If that were so—and suddenly she felt that it was so, that she had hit upon the truth—then she was surely in great danger. For Arabian was not the man to let an unique opportunity slip through his fingers without putting up a tremendous fight.

She must find someone to help her against this man. Again she thought of Garstin. But he had his own battle to fight, the battle about the portrait. Then she thought of Craven. Obscurely long ago—it seemed at least long ago—she had felt that she might some day need Craven in her life. How strange that was! What mysterious instinct had warned her then? But now Craven was hostile to her. How could she go to him? And then there flashed upon her the thought:

“But I can’t go to anybody! I have promised Adela.”

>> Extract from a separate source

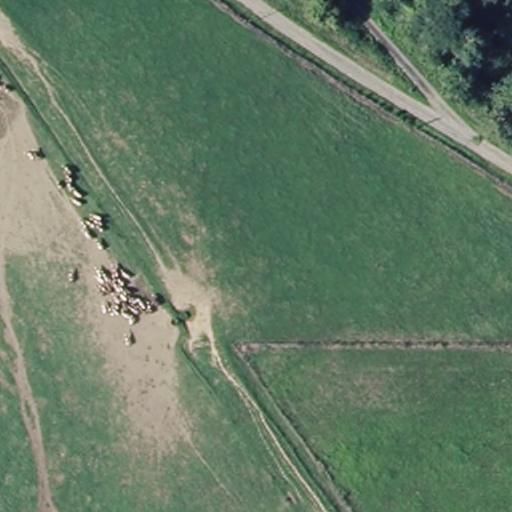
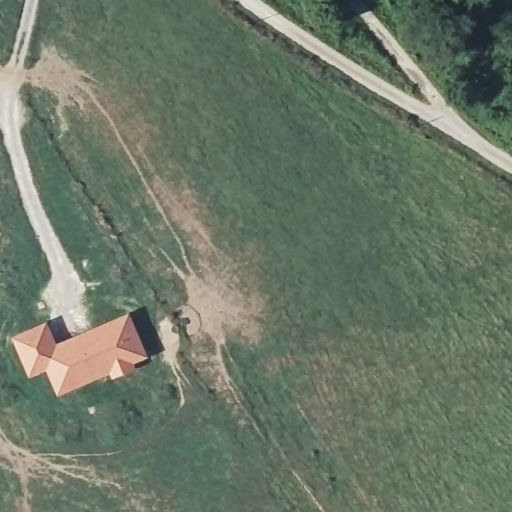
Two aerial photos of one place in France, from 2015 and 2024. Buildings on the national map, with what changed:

That thought struck her like a blow, struck her so hard that she stood still on the pavement. And she realized immediately that either she must do without any help at all, or that, in spite of all that had happened, she must ask Adela to help her. For she could never break her promise to Adela. She knew that. She knew that she would rather go under than betray Adela’s confidence. Adela had done a fine thing, something that she, Beryl, had not believed it was in any woman to do. She could not have done it, but on the other hand she could not be vile. It was not in her to be vile.

She heard a step in the darkness and realized what she was doing. Instantly she hurried on, almost running. She must gain shelter, must be in the midst of light, must be between four walls, must speak to someone who knew her, and who would not do her harm. Claridge’s—old Fanny! A few minutes later she entered the hotel almost breathless.